I find this project fascinating because of its overall depth of creation, your conception and delivery, the site-specific fabrication, and community-dependant completion. What makes the final object carry the weight of your message and voice on the subject?
The green light, the actual sculpture, functions on several levels. If you just have a straightforward informal relationship with it, I think it is a quite beautiful diamond-shaped object to look at. You can see the materials it is made of—it isn’t hiding anything. Now, if you want to take it one step further, and you look into the mathematics of it and actually take a closer look at the object, you will see it is made of sustainable materials. You can see the algebraic content and that it is derived from a cube which has been cut in a specific way. What has been taken away from the cube has the same mass as what is left. They are units that can be compiled together. Depending on how you put them together, they become a sphere or they can be a cube, or a wall, or ceiling, or floor. It is a modular system that could be used as an architectural component.
We are delighted to have been one of the three cities to host Green light. What is the significance of utilizing only three cities in a limited release of the project?
The project takes a lot of local motivation. We want it to continue and expand even further, and we are looking at how to replicate it, like “copy and paste.” To be totally honest, it wouldn’t have to be my Green light. It is also interesting to look at this as an example of how when you get people together in a way that allows them to share their labor and efforts, you can achieve a lot.
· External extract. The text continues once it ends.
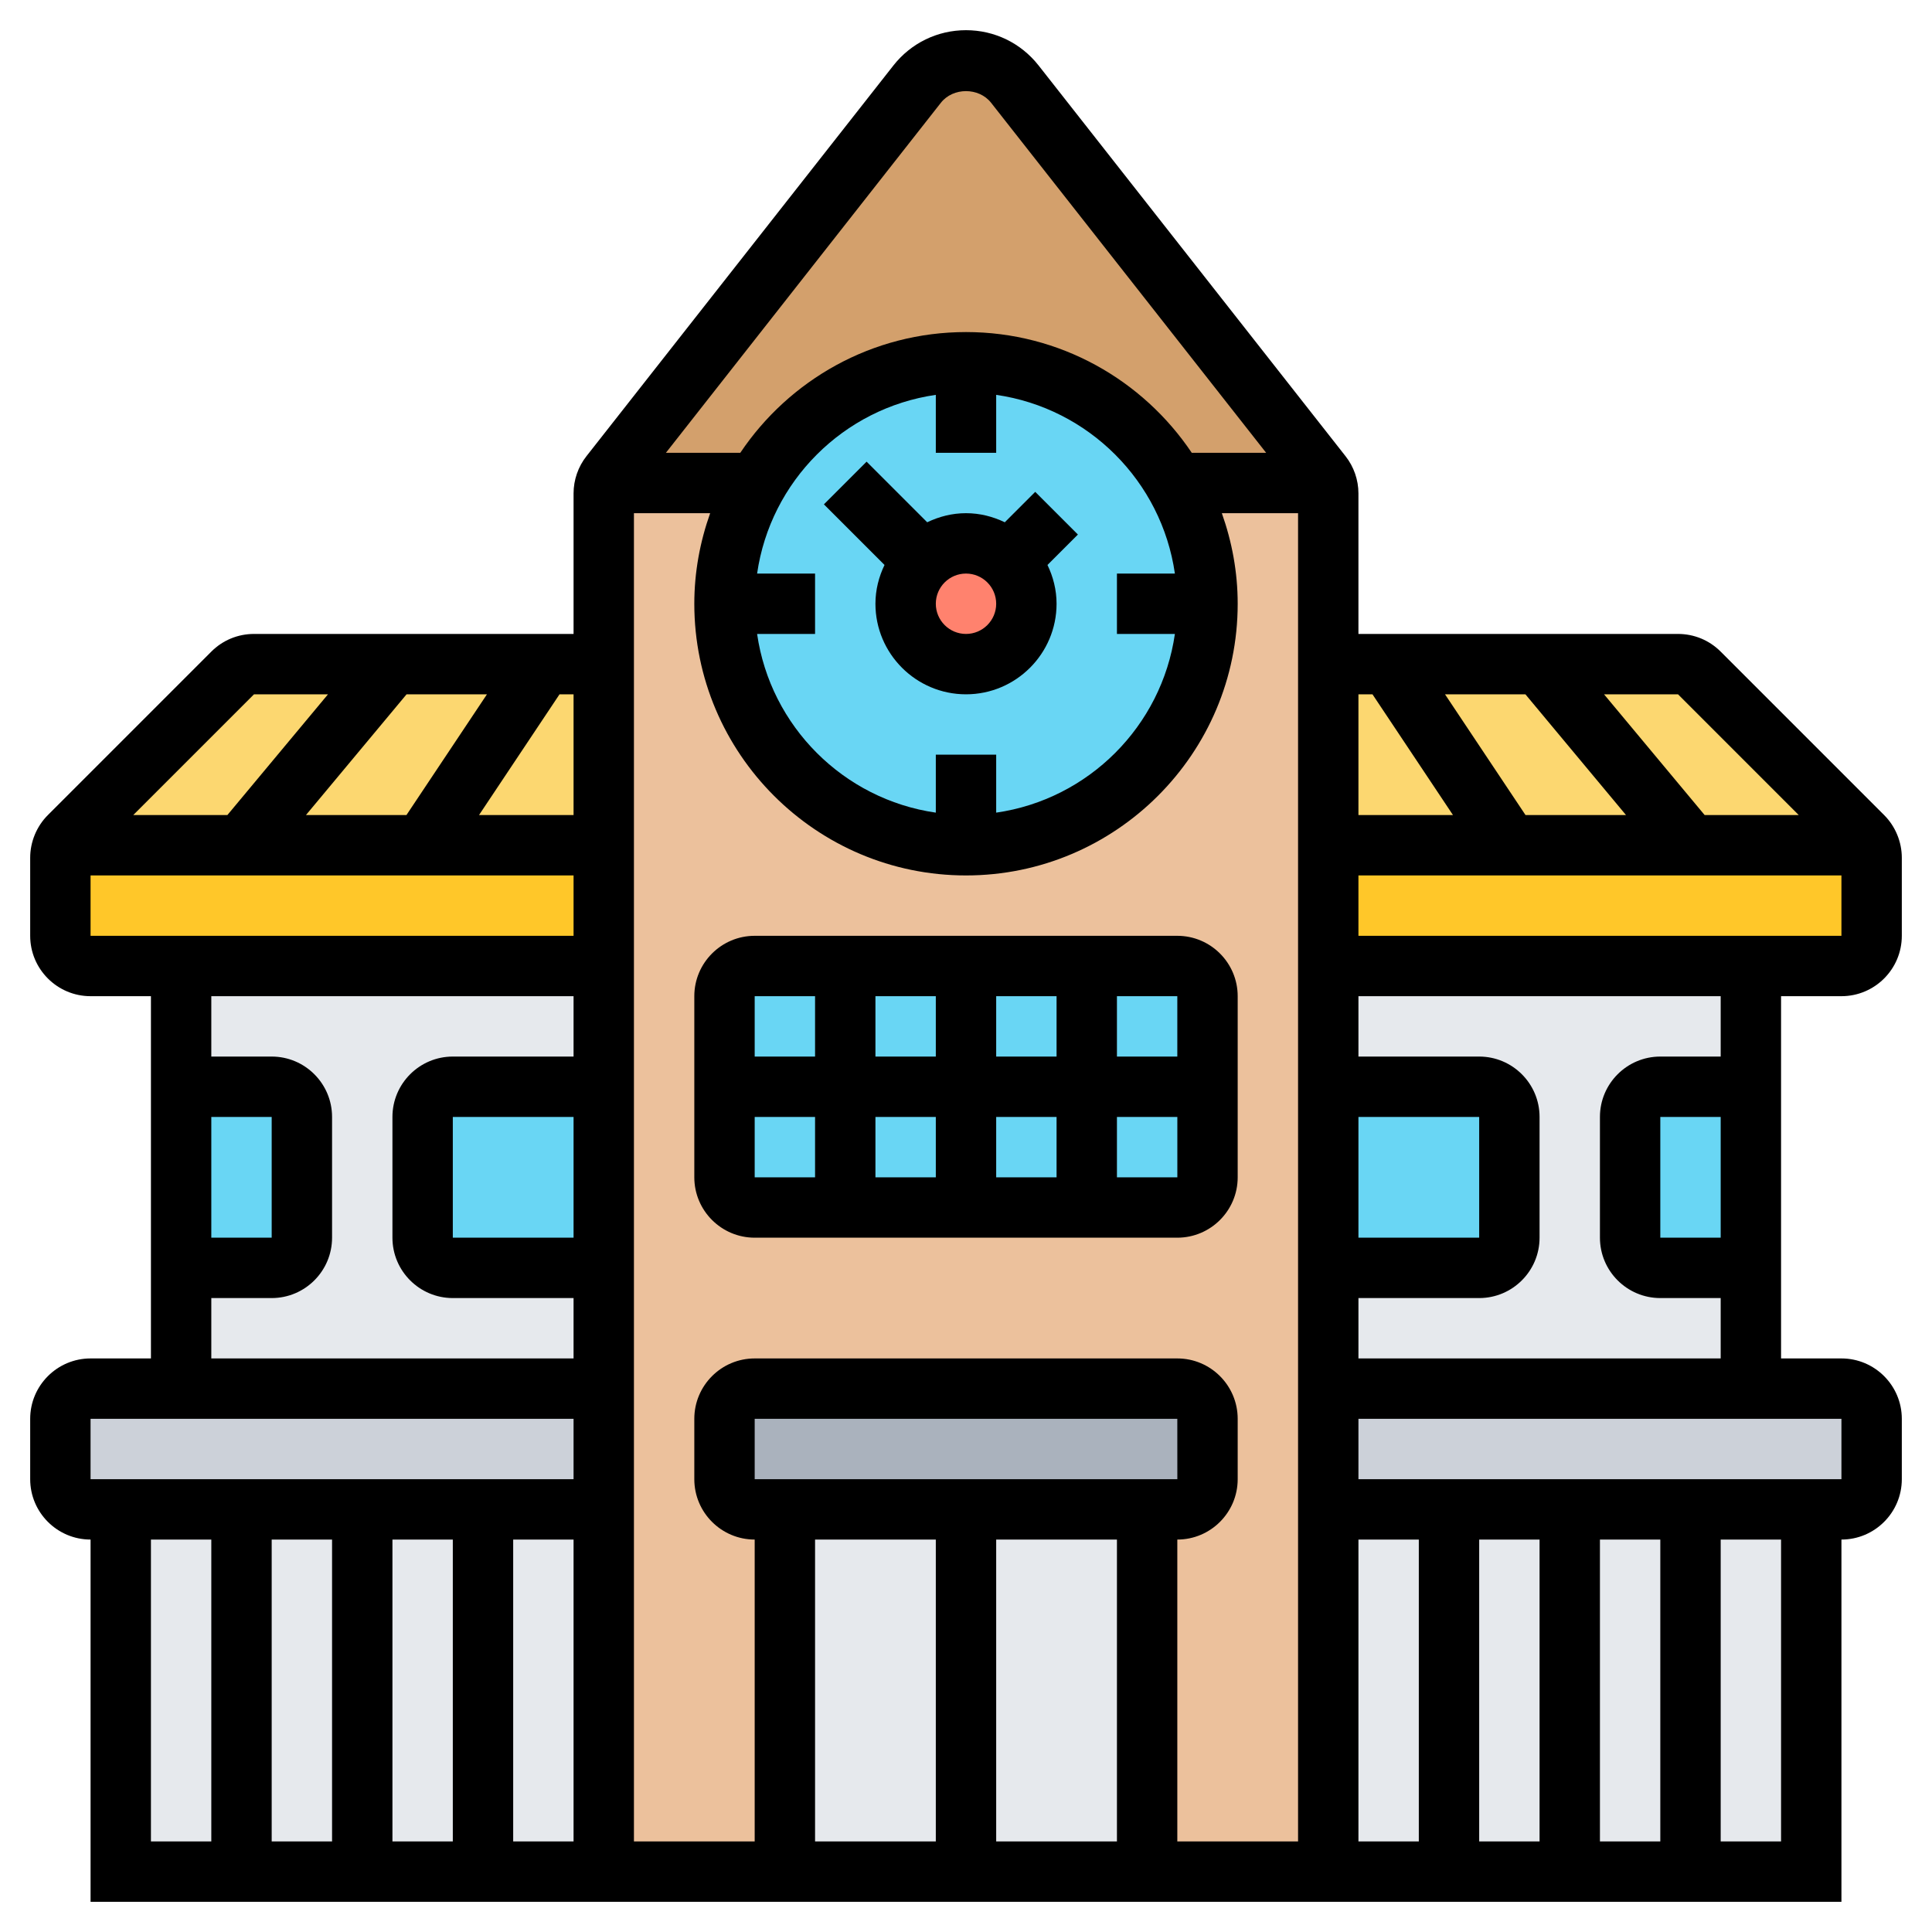 <svg id="_x33_0" enable-background="new 0 0 64 64" height="512" viewBox="0 0 64 64" width="512" xmlns="http://www.w3.org/2000/svg"><g><g><g><path d="m62 47v2c0 .55-.45 1-1 1h-1-4-4-4-4v-4h14 3c.55 0 1 .45 1 1z" fill="#ccd1d9"/></g><g><path d="m20 46v4h-4-4-4-4-1c-.55 0-1-.45-1-1v-2c0-.55.45-1 1-1h3z" fill="#ccd1d9"/></g><g><path d="m4 50h16v12h-16z" fill="#e6e9ed"/></g><g><path d="m6 32h14v14h-14z" fill="#e6e9ed"/></g><g><path d="m44 32h14v14h-14z" fill="#e6e9ed"/></g><g><path d="m44 50h16v12h-16z" fill="#e6e9ed"/></g><g><path d="m58 36v6h-3c-.55 0-1-.45-1-1v-4c0-.55.45-1 1-1z" fill="#69d6f4"/></g><g><path d="m50 37v4c0 .55-.45 1-1 1h-5v-6h5c.55 0 1 .45 1 1z" fill="#69d6f4"/></g><g><path d="m10 37v4c0 .55-.45 1-1 1h-3v-6h3c.55 0 1 .45 1 1z" fill="#69d6f4"/></g><g><path d="m20 36v6h-5c-.55 0-1-.45-1-1v-4c0-.55.45-1 1-1z" fill="#69d6f4"/></g><g><path d="m62 28.41v2.59c0 .55-.45 1-1 1h-3-14v-4h6 6 5.9.01c.06.13.09.27.09.41z" fill="#ffc729"/></g><g><path d="m20 28v4h-14-3c-.55 0-1-.45-1-1v-2.59c0-.14.03-.28.09-.41h.01 5.9 6z" fill="#ffc729"/></g><g><path d="m61.71 27.71-5.42-5.42c-.18-.18-.44-.29-.7-.29h-11.59v6h17.9c-.04-.11-.11-.21-.19-.29z" fill="#fcd770"/></g><g><path d="m8.41 22c-.26 0-.52.11-.7.29l-5.42 5.42c-.08.08-.15.18-.19.29h17.9v-6z" fill="#fcd770"/></g><g><path d="m43.93 16h-23.86c-.05.11-.07.23-.07.35v45.65h24v-45.65c0-.12-.02-.24-.07-.35z" fill="#ecc19c"/></g><g><path d="m39 40h-14c-.552 0-1-.448-1-1v-6c0-.552.448-1 1-1h14c.552 0 1 .448 1 1v6c0 .552-.448 1-1 1z" fill="#69d6f4"/></g><g><path d="m43.93 16h-5c-1.38-2.39-3.97-4-6.93-4s-5.55 1.61-6.93 4h-5c.03-.1.08-.19.14-.27l10.17-12.94c.39-.5.99-.79 1.62-.79s1.23.29 1.62.79l10.17 12.94c.06.08.11.17.14.27z" fill="#d3a06c"/></g><g><path d="m40 47v2c0 .55-.45 1-1 1h-1-6-6-1c-.55 0-1-.45-1-1v-2c0-.55.45-1 1-1h14c.55 0 1 .45 1 1z" fill="#aab2bd"/></g><g><path d="m40 20c0 4.42-3.58 8-8 8s-8-3.58-8-8c0-1.46.39-2.83 1.07-4 1.38-2.39 3.97-4 6.93-4s5.55 1.61 6.93 4c.68 1.17 1.07 2.54 1.07 4z" fill="#69d6f4"/></g><g><path d="m26 50h12v12h-12z" fill="#e6e9ed"/></g><g><path d="m33.41 18.59c.37.36.59.86.59 1.41 0 1.1-.9 2-2 2s-2-.9-2-2c0-.55.22-1.05.59-1.41.36-.37.86-.59 1.41-.59s1.05.22 1.41.59z" fill="#ff826e"/></g></g><g><path d="m28.707 15.293-1.414 1.414 2.008 2.008c-.188.391-.301.823-.301 1.285 0 1.654 1.346 3 3 3s3-1.346 3-3c0-.462-.113-.894-.301-1.285l1.008-1.008-1.414-1.414-1.008 1.008c-.391-.188-.823-.301-1.285-.301s-.894.113-1.285.301zm3.293 3.707c.551 0 1 .448 1 1s-.449 1-1 1-1-.448-1-1 .449-1 1-1z"/><path d="m39 31h-14c-1.103 0-2 .897-2 2v6c0 1.103.897 2 2 2h14c1.103 0 2-.897 2-2v-6c0-1.103-.897-2-2-2zm0 4h-2v-2h2zm-8 2v2h-2v-2zm-2-2v-2h2v2zm4 2h2v2h-2zm0-2v-2h2v2zm-6-2v2h-2v-2zm-2 4h2v2h-2zm12 2v-2h2.001v2z"/><path d="m61 33c1.103 0 2-.897 2-2v-2.586c0-.526-.213-1.042-.586-1.414l-5.414-5.414c-.378-.378-.88-.586-1.414-.586h-10.586v-4.654c0-.447-.152-.886-.428-1.235l-10.168-12.943c-.584-.742-1.46-1.168-2.404-1.168s-1.82.426-2.404 1.168l-10.167 12.941c-.277.351-.429.789-.429 1.237v4.654h-10.586c-.534 0-1.036.208-1.414.586l-5.414 5.414c-.373.372-.586.888-.586 1.414v2.586c0 1.103.897 2 2 2h2v12h-2c-1.103 0-2 .897-2 2v2c0 1.103.897 2 2 2v12h58v-12c1.103 0 2-.897 2-2v-2c0-1.103-.897-2-2-2h-2v-12zm-16-2v-2h16v2zm5.535-4-2.667-4h2.663l3.333 4zm9.051 0h-3.117l-3.333-4h2.451zm-14.121-4 2.667 4h-3.132v-4zm-.465 14h4v4h-4zm10 14v10h-2v-10zm-4 10h-2v-10h2zm-4 0h-2v-10h2zm-22-12v-2h14l.001 2zm6 2v10h-4v-10zm2 0h4v10h-4zm6 0c1.103 0 2-.897 2-2v-2c0-1.103-.897-2-2-2h-14c-1.103 0-2 .897-2 2v2c0 1.103.897 2 2 2v10h-4v-44h2.525c-.334.94-.525 1.947-.525 3 0 4.963 4.038 9 9 9s9-4.037 9-9c0-1.053-.191-2.06-.525-3h2.525v44h-4zm-28 0v10h-2v-10zm2 0h2v10h-2zm4 0h2v10h-2zm2-10h-4v-4h4zm14-26v-1.92c3.059.441 5.479 2.861 5.92 5.92h-1.92v2h1.92c-.441 3.059-2.861 5.479-5.92 5.92v-1.92h-2v1.92c-3.059-.441-5.479-2.861-5.92-5.92h1.92v-2h-1.92c.441-3.059 2.861-5.479 5.92-5.92v1.92zm-1.832-11.596c.404-.514 1.259-.514 1.663 0l9.112 11.596h-2.464c-1.617-2.41-4.365-4-7.478-4s-5.862 1.59-7.478 4h-2.464zm-12.168 23.596h-3.132l2.667-4h.465zm-8.865 0 3.333-4h2.663l-2.667 4zm-1.721-4h2.451l-3.333 4h-3.118zm-5.414 6h16v2h-16zm4 8h2v4h-2zm0 6h2c1.103 0 2-.897 2-2v-4c0-1.103-.897-2-2-2h-2v-2h12v2h-4c-1.103 0-2 .897-2 2v4c0 1.103.897 2 2 2h4v2h-12zm-4 4h16v2h-16zm2 4h2v10h-2zm54 10h-2v-10h2zm2-12h-16v-2h16zm-4-8h-2v-4h2zm0-6h-2c-1.103 0-2 .897-2 2v4c0 1.103.897 2 2 2h2v2h-12v-2h4c1.103 0 2-.897 2-2v-4c0-1.103-.897-2-2-2h-4v-2h12z"/></g></g></svg>

The project will travel to other cities as well but, more importantly, it is the idea that people might be able to do more for each other than they think.
Now that the project is well underway, how have you gauged its success with so many moving parts? Are you pleased with its outcome so far? Is there a final conclusion to this project?
Questions of refugees, immigrants, inspiration, and fundamental human interaction are never going to be resolved. That is an ongoing challenge shaped by the times in which it is happening. I think Green light is a project that can live on for a while but can give seeds to other ideas. Obviously, we have seen immigration in different parts of the world and in various ways but one of the greatest challenges is in Europe. Where I grew up, we see the lack of integrated efforts from the countries that have played a role in creating marginalized groups or ghettos. I know there is a different history here in the U.S. but there are similar challenges. Successful integration relies on a larger fundamental question: How does a nation see its future? I am convinced that refugees and migrants can strengthen the future of our countries in prosperous way—socially, economically, and in terms of urban stability. In that context, Green light is trying to promote a humanistic or value-driven statement. I hope that we are one of many initiatives that can push that thinking forward.